Math Snap

STEP 1

1. The battery life follows an exponential distribution with a rate parameter $\lambda = \frac{1}{365}$.
2. The exponential distribution probability density function is given by $f(x; \lambda) = \lambda e^{-\lambda x}$.
3. The cumulative distribution function (CDF) for an exponential distribution is $F(x; \lambda) = 1 - e^{-\lambda x}$.
4. The probability that a battery lasts beyond a certain time is the complement of the CDF.

STEP 2

1. Calculate the probability that a battery will fail before 180 days.
2. Calculate the probability that a battery will last beyond 1 year.
3. Calculate the probability that both batteries in a device last beyond 1 year.

STEP 3

Calculate the probability that a battery will fail before 180 days using the CDF:
$$F(180; \lambda) = 1 - e^{-\frac{1}{365} \times 180}$$

STEP 4

Compute the value:
$$F(180; \lambda) = 1 - e^{-\frac{180}{365}}$$ $$F(180; \lambda) = 1 - e^{-0.49315}$$ $$F(180; \lambda) \approx 1 - 0.6107$$ $$F(180; \lambda) \approx 0.3893$$ The probability that an alkaline battery will fail before 180 days is approximately $\boxed{0.3893}$.

STEP 5

Calculate the probability that a battery will last beyond 1 year using the complement of the CDF:
$$P(X > 365) = 1 - F(365; \lambda) = e^{-\frac{1}{365} \times 365}$$

STEP 6

Compute the value:
$$P(X > 365) = e^{-1}$$ $$P(X > 365) \approx 0.3679$$ The probability that an alkaline battery will last beyond 1 year is approximately $\boxed{0.3679}$.

STEP 7

Calculate the probability that both batteries last beyond 1 year.
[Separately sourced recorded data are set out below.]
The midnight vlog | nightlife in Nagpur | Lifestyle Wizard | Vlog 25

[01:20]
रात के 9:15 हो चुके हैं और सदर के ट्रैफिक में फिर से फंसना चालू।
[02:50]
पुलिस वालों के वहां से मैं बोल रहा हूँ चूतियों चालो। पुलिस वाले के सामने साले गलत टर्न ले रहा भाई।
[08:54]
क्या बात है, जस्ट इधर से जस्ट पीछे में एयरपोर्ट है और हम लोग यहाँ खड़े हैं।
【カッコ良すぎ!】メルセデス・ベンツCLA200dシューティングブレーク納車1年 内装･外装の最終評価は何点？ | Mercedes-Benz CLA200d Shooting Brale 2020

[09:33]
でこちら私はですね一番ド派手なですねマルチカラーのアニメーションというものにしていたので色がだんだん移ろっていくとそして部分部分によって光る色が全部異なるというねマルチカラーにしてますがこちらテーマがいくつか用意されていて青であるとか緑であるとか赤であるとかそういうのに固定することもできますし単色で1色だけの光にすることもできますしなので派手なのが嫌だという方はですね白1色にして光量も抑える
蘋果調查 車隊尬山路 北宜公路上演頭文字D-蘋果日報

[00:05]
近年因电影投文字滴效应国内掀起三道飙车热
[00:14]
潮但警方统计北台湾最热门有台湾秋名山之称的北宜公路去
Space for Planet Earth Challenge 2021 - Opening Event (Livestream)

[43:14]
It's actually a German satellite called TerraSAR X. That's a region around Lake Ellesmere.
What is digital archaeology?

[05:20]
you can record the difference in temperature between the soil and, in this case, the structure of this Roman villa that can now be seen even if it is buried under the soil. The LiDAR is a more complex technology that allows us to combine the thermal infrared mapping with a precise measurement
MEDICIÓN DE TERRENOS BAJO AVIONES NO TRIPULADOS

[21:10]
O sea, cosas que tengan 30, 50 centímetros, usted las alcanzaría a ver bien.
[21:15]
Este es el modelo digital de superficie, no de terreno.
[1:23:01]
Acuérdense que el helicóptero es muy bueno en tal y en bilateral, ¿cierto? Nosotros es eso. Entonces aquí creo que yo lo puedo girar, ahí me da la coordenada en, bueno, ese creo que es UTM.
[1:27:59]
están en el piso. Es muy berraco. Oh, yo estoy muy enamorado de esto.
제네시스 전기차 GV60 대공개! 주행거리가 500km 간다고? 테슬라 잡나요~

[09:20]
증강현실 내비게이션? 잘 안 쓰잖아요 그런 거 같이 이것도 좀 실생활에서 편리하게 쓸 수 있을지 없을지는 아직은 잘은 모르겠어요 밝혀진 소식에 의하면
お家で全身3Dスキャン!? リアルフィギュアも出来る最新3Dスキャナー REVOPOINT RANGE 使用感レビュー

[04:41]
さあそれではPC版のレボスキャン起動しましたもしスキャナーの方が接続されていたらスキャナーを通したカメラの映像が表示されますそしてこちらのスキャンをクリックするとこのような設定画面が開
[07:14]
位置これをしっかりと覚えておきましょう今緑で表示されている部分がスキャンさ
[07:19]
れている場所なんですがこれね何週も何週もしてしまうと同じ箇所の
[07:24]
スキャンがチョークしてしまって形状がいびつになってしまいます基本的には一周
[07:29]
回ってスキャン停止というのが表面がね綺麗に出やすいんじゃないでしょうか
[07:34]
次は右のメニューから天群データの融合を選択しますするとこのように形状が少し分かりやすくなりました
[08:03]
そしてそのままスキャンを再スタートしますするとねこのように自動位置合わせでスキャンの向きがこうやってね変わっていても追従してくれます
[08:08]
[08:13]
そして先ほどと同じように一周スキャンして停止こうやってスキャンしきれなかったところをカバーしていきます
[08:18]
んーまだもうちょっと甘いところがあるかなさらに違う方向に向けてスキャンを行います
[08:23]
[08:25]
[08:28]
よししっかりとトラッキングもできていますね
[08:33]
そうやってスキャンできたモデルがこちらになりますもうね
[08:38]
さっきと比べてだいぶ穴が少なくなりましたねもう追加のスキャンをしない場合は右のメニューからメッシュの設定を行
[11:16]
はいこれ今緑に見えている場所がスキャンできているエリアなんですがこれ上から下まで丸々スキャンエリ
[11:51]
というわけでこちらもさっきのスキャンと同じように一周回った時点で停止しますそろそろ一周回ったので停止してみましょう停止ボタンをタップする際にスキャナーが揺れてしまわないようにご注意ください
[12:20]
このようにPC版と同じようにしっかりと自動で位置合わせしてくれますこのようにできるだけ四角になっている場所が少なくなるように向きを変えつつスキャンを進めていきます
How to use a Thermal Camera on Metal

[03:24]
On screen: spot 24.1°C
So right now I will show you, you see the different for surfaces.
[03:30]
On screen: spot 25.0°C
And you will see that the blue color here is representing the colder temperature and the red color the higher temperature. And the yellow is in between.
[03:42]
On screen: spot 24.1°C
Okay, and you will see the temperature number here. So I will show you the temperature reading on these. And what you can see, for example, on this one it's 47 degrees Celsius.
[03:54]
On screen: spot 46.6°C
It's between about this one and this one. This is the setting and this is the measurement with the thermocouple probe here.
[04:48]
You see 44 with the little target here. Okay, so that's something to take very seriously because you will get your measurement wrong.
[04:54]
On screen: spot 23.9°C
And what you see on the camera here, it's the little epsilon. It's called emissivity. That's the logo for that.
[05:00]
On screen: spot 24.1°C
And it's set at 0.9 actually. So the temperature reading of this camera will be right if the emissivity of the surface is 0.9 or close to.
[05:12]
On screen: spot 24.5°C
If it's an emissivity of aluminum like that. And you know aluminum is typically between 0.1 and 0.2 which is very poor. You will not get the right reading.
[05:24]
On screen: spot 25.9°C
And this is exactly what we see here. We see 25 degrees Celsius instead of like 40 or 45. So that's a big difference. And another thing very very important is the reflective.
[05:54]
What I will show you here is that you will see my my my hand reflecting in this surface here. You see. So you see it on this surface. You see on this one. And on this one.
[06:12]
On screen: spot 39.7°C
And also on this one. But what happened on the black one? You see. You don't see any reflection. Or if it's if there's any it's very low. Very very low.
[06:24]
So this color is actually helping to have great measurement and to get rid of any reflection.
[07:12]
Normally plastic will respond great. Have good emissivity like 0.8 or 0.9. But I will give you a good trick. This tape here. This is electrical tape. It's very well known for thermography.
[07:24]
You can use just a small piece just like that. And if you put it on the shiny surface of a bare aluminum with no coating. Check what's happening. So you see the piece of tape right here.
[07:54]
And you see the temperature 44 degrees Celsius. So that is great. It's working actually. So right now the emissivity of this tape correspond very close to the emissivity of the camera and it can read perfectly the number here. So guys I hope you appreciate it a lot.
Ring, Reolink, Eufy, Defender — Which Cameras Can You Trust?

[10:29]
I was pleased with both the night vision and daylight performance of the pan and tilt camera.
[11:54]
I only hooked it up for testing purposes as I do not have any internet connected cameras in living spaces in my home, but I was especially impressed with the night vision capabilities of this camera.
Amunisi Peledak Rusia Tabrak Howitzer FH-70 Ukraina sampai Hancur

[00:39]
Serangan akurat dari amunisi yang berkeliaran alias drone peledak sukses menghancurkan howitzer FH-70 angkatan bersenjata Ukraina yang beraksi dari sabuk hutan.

Since the batteries are independent, the probability is the product of the individual probabilities:
$$P(\text{Both last} > 365) = P(X_1 > 365) \times P(X_2 > 365)$$ $$P(\text{Both last} > 365) = (0.3679)^2$$

Compute the value:
$$P(\text{Both last} > 365) = 0.3679 \times 0.3679$$ $$P(\text{Both last} > 365) \approx 0.1353$$ The probability that both batteries last beyond 1 year is approximately $\boxed{0.1353}$.